Он взглянул на доску и, подумав, медленно выдвинул вперед крайнюю левую фишку. Аль-маратхи довольно сощурился и в один ход зажал ее своей в тупике.
— Однако, ты меня заинтриговал, Мурад, — выпрямляясь, проговорил он. — Шахри ан Фарайя в нынешнем своем статусе — завидная партия. Что за девушка могла привести его в такое отчаяние? И чем он вдруг не поглянулся ее отцу?
— До отца дело не дошло, мой повелитель, — нехотя отозвался шафи, — и не дойдет, я надеюсь. Может, Фаиз и впрямь хорошая партия, но, увы, замахнулся он слишком уж высоко.
— Так на кого же, Мурад?
— Право, мой повелитель, мне не хотелось бы…
— Мурад! — сдвинул брови светлейший. — Ты же знаешь, как я не люблю, когда ты начинаешь вилять! Твоего ученика здесь нет — так назови хотя бы имя!
Шафи, напустив на себя виноватый вид, немедленно рассыпался в извинениях, потянул еще с пару минут и, всё-таки сдавшись, скорбно признался, что в неизбывных страданиях шахри ан Фарайя повинна принцесса Ашхен.
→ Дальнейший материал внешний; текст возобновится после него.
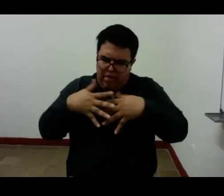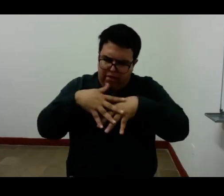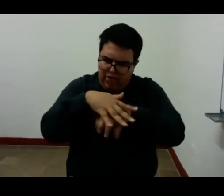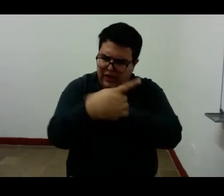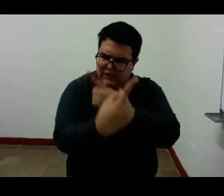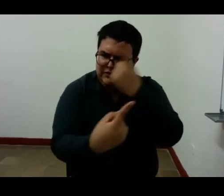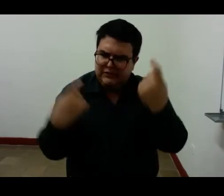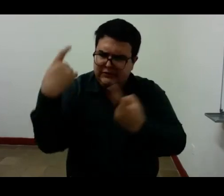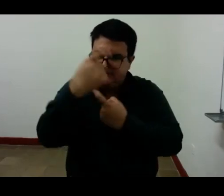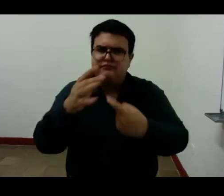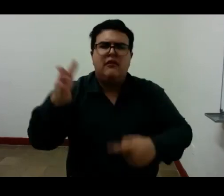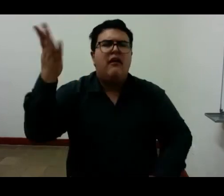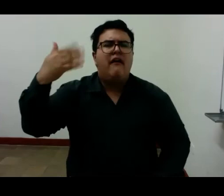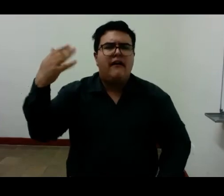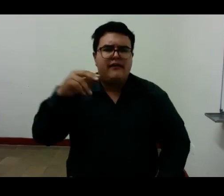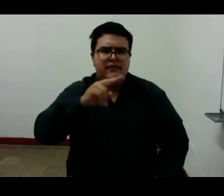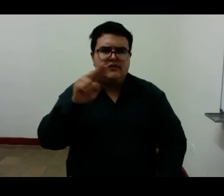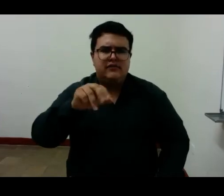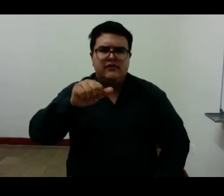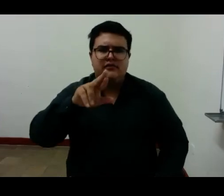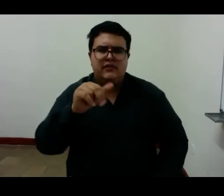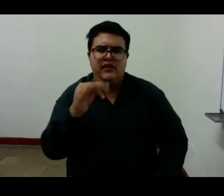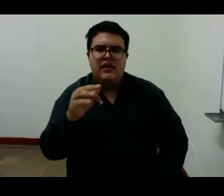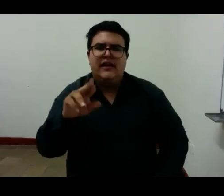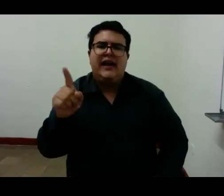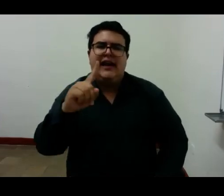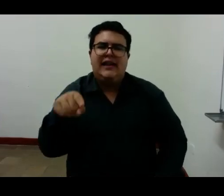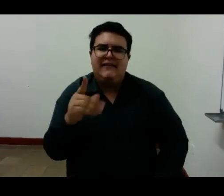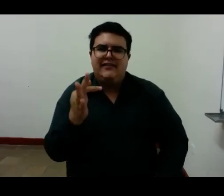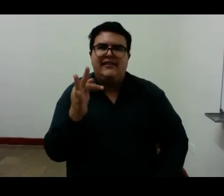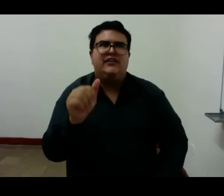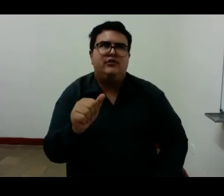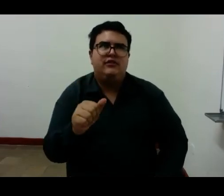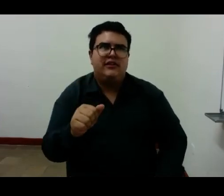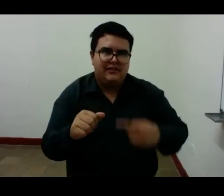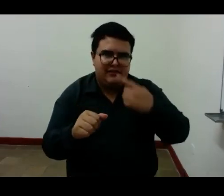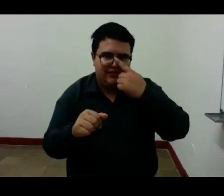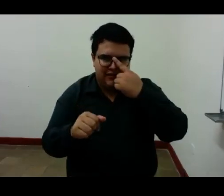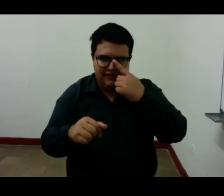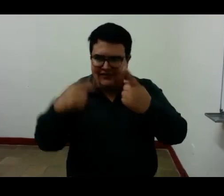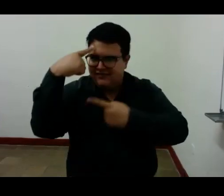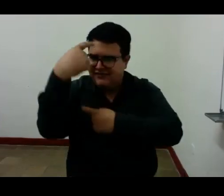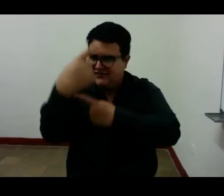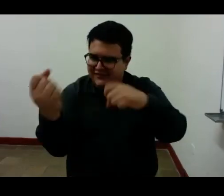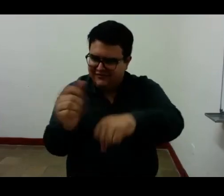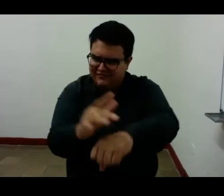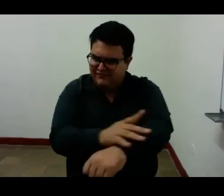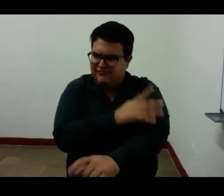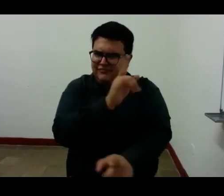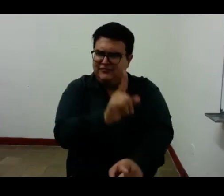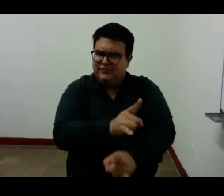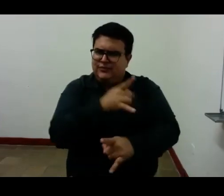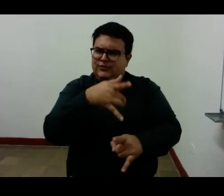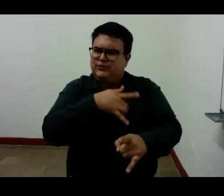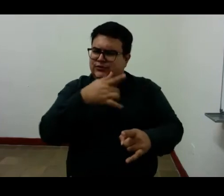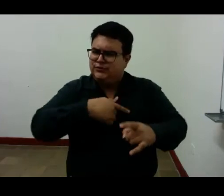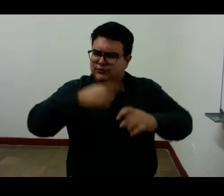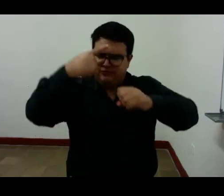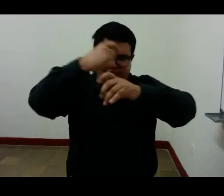Zaratustra y no Nietzsche que no es otra cosa que pluralidad de sentidos

Та случайная встреча в ложе на главной арене… Взгляд прекрасных глаз принцессы, поразивший несчастного в самое сердце… Ее чарующий голос… Все мы знаем, как это бывает!..
— Но поверьте, мой повелитель, — в финале своей исповеди добавил Мурад ан Махшуд, — Фаиз не доставит вам неудобств. Я завтра же отошлю его в Хизам, подальше от Дворцового холма, и, полагаю, со временем всё образуется.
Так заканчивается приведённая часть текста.